Ollama¶
Use locally-hosted models via Ollama with the ollama: prefix. No API key required.
Setup¶
- Install Ollama
- Pull a model:
ollama pull llama3 - Ollama runs locally on port 11434 by default
# Optional: configure custom endpoint
export OLLAMA_API_BASE_URL="http://localhost:11434/v1"
export OLLAMA_API_KEY="" # Optional, usually not needed
Available Models¶
Any model available in Ollama can be used:
| Model | Size | Description |
|---|---|---|
llama3 | 8B | Meta's Llama 3 |
llama3:70b | 70B | Larger Llama 3 |
mistral | 7B | Mistral 7B |
mixtral | 47B | Mixtral MoE |
codellama | 7B | Code-focused Llama |
phi3 | 3.8B | Microsoft Phi-3 |
Usage¶
from eval_lib import AnswerRelevancyMetric, BiasMetric
metric = AnswerRelevancyMetric(model="ollama:llama3", threshold=0.6)

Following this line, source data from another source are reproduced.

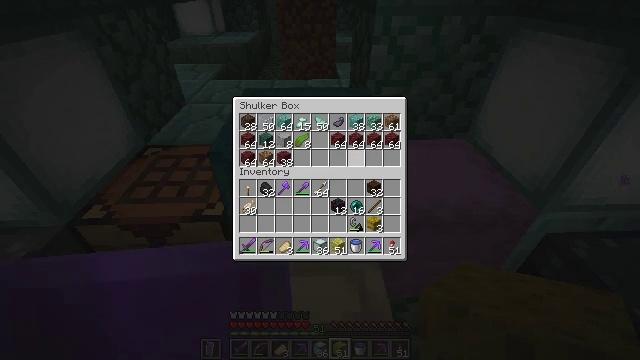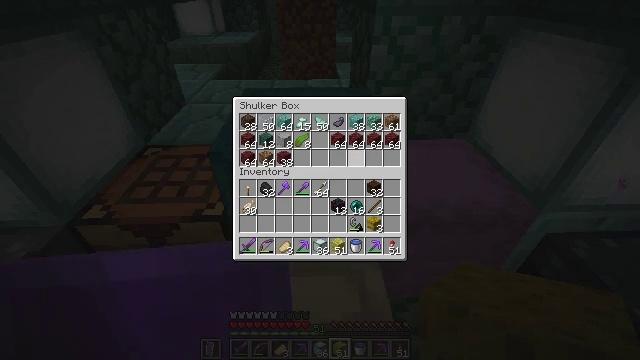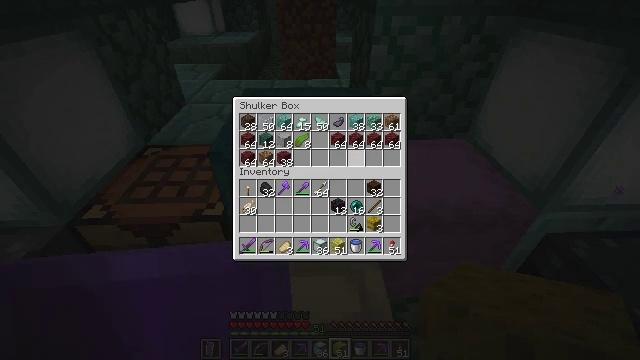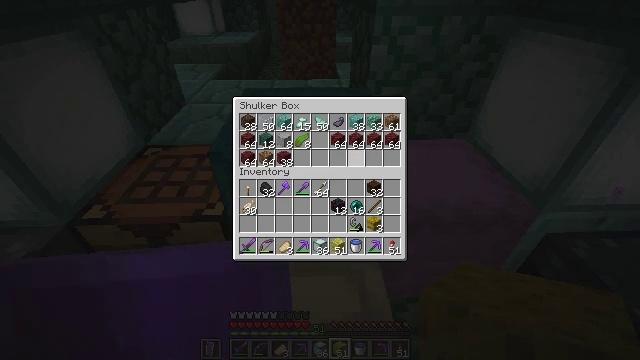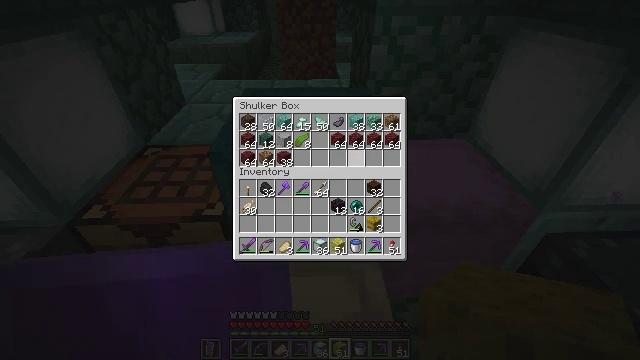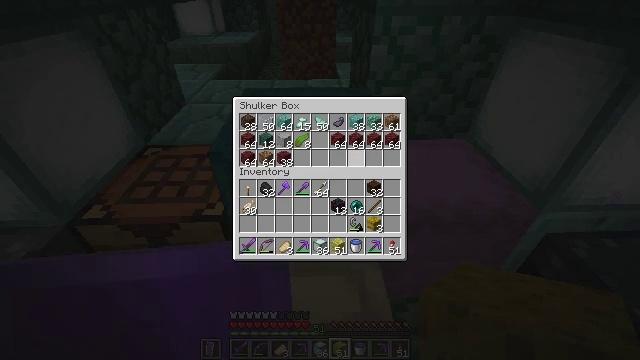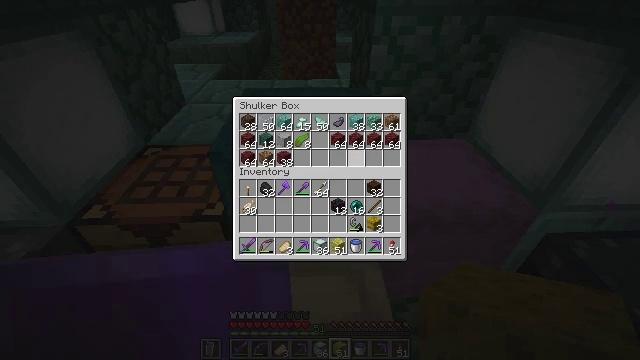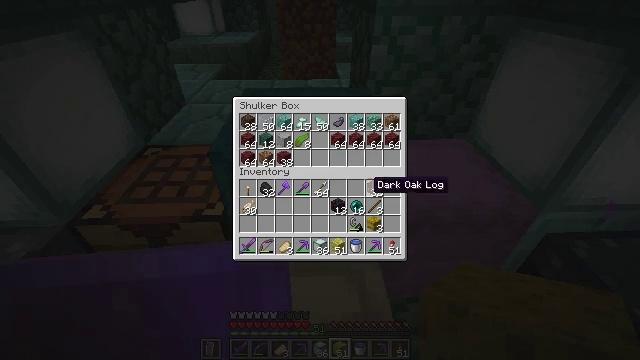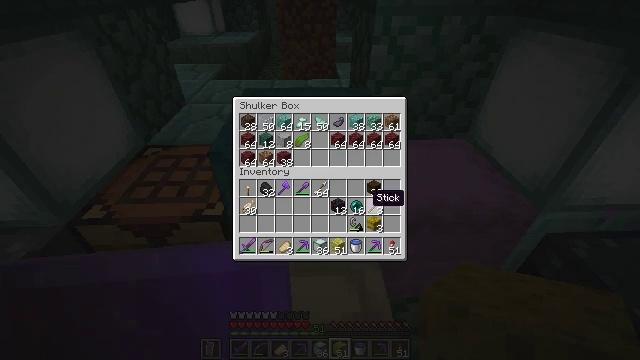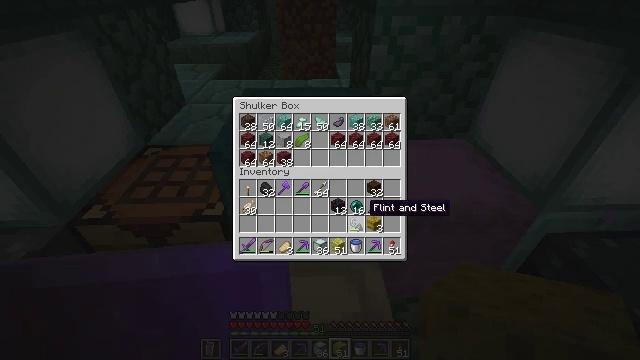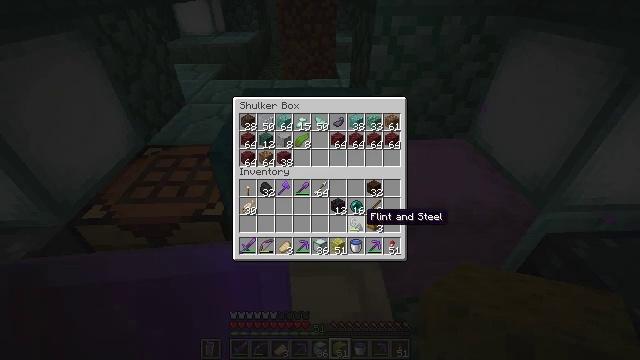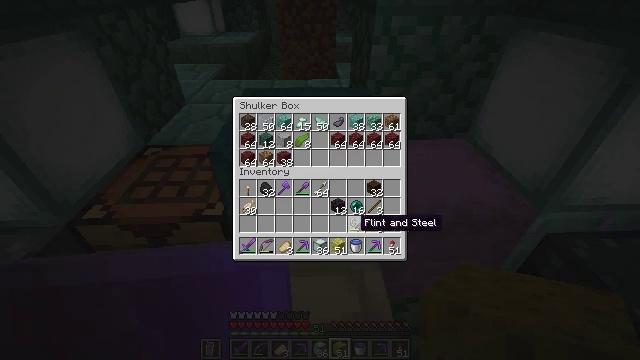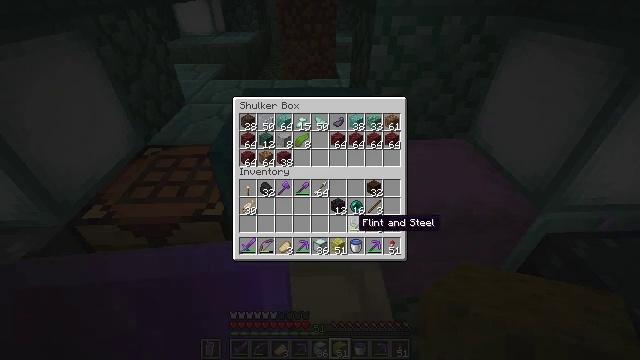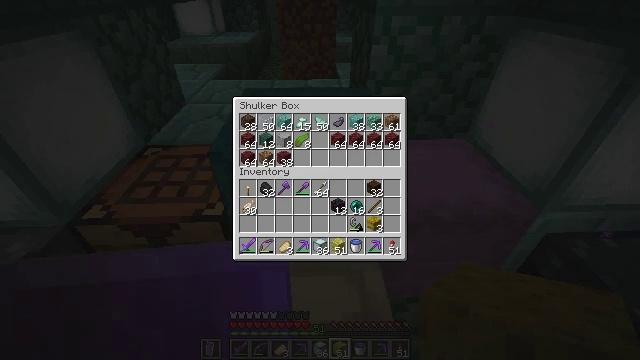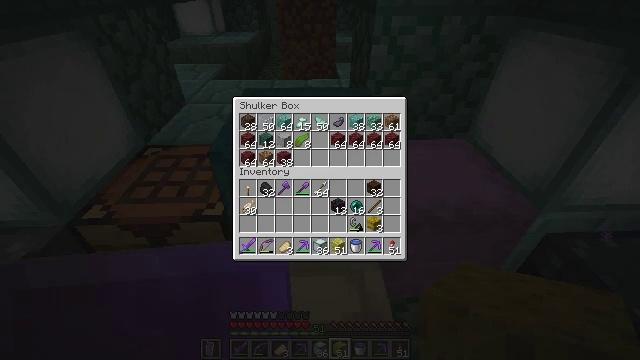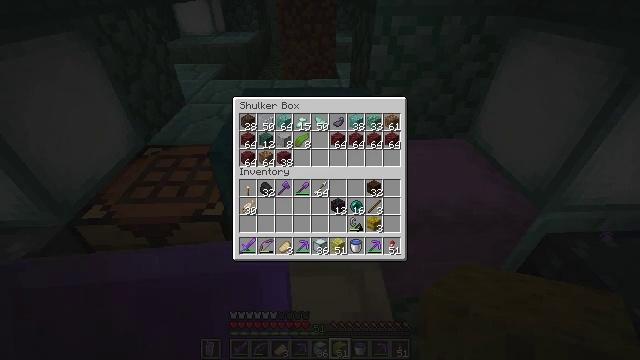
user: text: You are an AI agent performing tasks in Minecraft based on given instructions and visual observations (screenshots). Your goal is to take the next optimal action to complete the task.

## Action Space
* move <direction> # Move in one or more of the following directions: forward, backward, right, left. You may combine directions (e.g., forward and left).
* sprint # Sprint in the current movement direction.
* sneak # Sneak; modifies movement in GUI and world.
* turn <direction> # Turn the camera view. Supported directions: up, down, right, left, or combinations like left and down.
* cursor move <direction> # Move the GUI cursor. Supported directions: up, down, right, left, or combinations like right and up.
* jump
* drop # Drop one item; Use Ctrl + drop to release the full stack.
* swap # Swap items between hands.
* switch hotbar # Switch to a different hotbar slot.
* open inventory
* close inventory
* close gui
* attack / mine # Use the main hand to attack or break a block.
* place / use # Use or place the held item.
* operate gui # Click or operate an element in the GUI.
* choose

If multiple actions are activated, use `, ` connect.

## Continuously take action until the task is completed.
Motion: motion action
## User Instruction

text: craft item sponge
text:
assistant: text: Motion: no_op
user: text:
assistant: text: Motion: no_op
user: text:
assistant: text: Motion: no_op
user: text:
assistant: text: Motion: no_op
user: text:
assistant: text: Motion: no_op
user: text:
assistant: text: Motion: no_op
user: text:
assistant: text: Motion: turn right and down
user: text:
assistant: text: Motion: turn down
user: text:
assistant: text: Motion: turn down
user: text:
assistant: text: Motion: turn down
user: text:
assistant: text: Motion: no_op
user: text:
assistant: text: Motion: no_op
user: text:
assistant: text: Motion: turn left
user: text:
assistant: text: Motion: no_op
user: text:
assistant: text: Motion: no_op
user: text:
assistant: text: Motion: no_op
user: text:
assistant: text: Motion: no_op
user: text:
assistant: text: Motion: no_op
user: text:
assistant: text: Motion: no_op
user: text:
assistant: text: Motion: no_op
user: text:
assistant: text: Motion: no_op
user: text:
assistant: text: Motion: no_op
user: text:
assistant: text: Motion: no_op
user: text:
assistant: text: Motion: no_op
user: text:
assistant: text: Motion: no_op
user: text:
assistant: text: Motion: no_op
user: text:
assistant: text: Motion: no_op
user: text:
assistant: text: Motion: no_op
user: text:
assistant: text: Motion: no_op
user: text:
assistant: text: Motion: no_op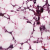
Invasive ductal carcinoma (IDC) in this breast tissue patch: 0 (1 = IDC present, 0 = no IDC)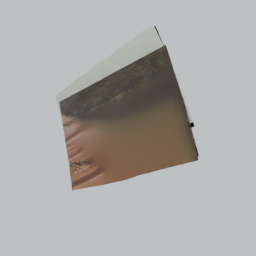
Label: tools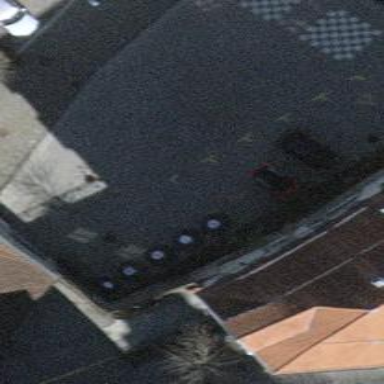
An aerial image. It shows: Recycling container for recycling.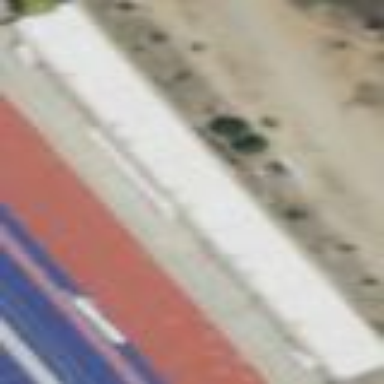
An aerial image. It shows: Bleachers on leisure land.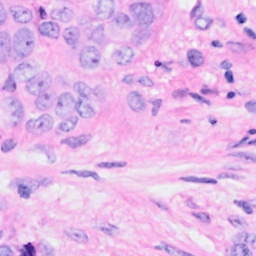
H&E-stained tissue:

metric = BiasMetric(model="ollama:mistral", threshold=0.7)
Advantages¶
- Free — no API costs
- Private — data never leaves your machine
- Fast — no network latency (with GPU)
Limitations¶
- Quality depends on model size and capability
- Requires local compute resources (GPU recommended)
- Smaller models may produce less reliable evaluation results
- Cost tracking returns
None(no API costs)
Tip
For best results with Ollama, use larger models (70B+) for evaluation metrics. Smaller models may struggle with the nuanced reasoning required for verdict generation.